▶ **Aim of the exercise**
Below are some records. Retype exactly the lines from the one containing "The image shows 61" through the one containing "Q: Is the text italic (slanted)? A: Yes, it", both included, skipping every picture.

▶ **Listed entries**
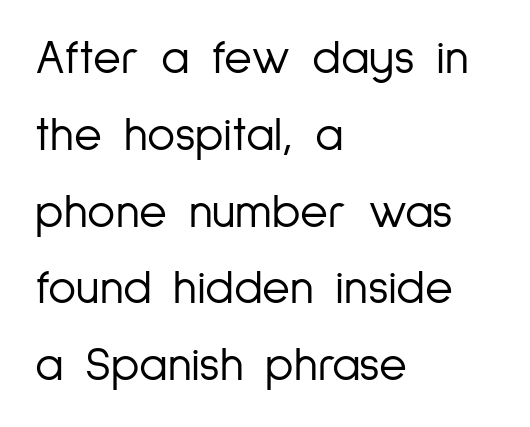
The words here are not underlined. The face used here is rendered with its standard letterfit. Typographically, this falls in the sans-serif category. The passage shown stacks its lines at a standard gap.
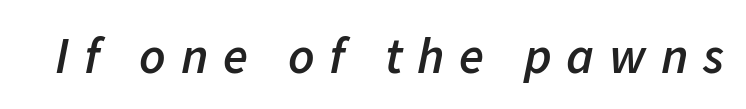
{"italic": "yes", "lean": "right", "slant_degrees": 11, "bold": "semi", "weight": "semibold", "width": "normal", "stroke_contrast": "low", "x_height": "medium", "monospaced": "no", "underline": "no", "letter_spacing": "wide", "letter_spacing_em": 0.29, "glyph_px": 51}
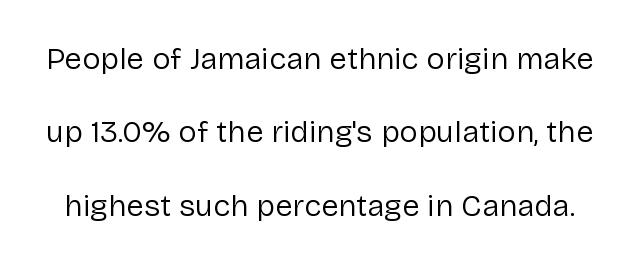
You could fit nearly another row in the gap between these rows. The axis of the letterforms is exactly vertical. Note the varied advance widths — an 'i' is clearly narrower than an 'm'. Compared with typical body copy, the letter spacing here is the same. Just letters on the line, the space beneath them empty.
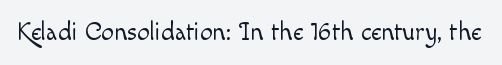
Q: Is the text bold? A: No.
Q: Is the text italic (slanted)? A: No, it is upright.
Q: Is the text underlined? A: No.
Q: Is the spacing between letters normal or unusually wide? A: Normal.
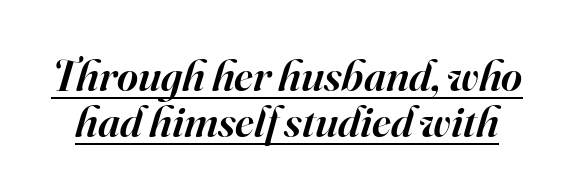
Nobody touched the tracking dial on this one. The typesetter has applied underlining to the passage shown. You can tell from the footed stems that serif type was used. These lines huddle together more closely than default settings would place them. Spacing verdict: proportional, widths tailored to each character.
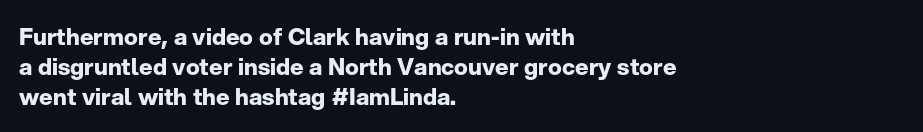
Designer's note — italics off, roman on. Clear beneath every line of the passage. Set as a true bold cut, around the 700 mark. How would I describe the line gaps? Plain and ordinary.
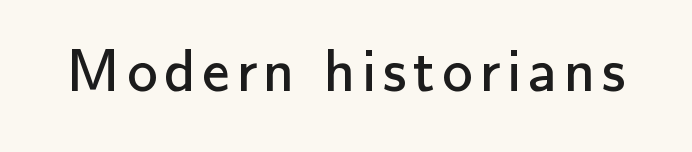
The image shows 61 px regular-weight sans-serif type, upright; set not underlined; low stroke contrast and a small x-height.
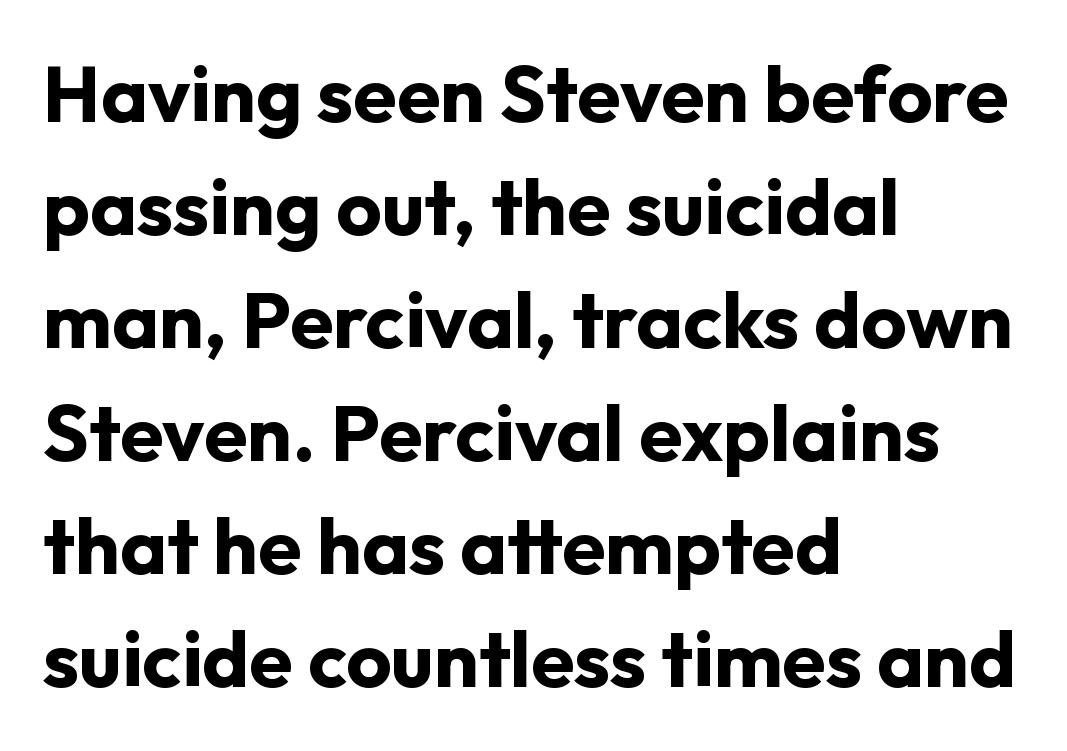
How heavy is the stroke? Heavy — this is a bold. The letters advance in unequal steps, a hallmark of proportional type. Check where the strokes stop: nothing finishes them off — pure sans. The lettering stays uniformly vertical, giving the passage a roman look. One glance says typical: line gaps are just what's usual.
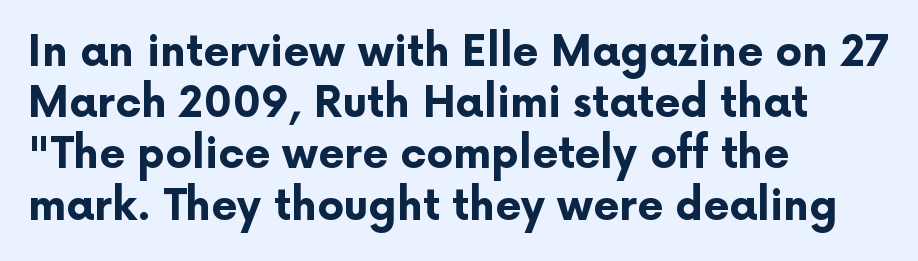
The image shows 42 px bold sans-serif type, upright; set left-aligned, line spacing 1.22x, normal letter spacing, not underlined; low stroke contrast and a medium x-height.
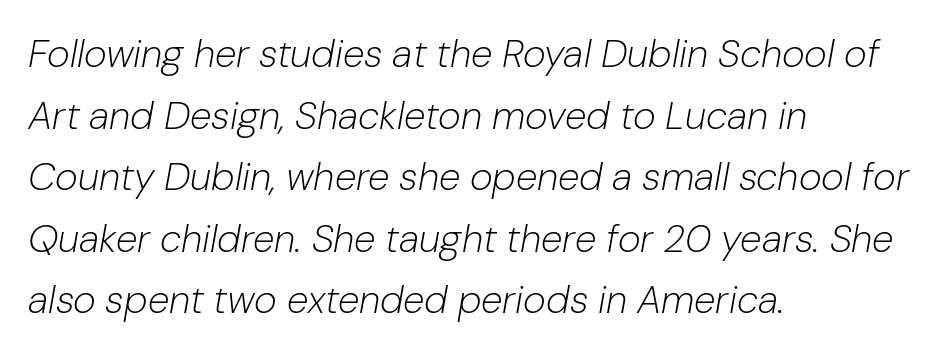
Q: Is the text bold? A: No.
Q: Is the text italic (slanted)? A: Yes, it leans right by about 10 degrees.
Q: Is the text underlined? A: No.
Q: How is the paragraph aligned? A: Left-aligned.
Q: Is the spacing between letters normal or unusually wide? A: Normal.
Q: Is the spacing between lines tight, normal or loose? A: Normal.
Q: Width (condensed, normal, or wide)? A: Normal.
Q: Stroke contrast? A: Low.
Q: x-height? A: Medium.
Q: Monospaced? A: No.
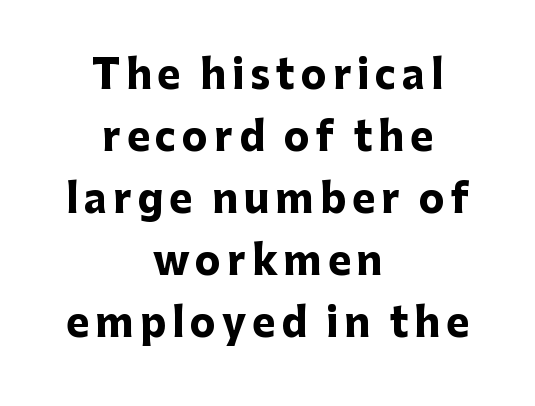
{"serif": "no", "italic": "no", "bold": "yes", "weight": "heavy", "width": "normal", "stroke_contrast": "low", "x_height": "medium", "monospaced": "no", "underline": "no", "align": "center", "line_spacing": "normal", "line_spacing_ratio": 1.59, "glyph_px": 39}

▶ **Task result**
The image shows 61 px regular-weight sans-serif type, upright; set not underlined; low stroke contrast and a small x-height.
How heavy is the stroke? Heavy — this is a bold. The letters advance in unequal steps, a hallmark of proportional type. Check where the strokes stop: nothing finishes them off — pure sans. The lettering stays uniformly vertical, giving the passage a roman look. One glance says typical: line gaps are just what's usual.
The image shows 42 px bold sans-serif type, upright; set left-aligned, line spacing 1.22x, normal letter spacing, not underlined; low stroke contrast and a medium x-height.
Q: Is the text bold? A: No.
Q: Is the text italic (slanted)? A: Yes, it leans right by about 10 degrees.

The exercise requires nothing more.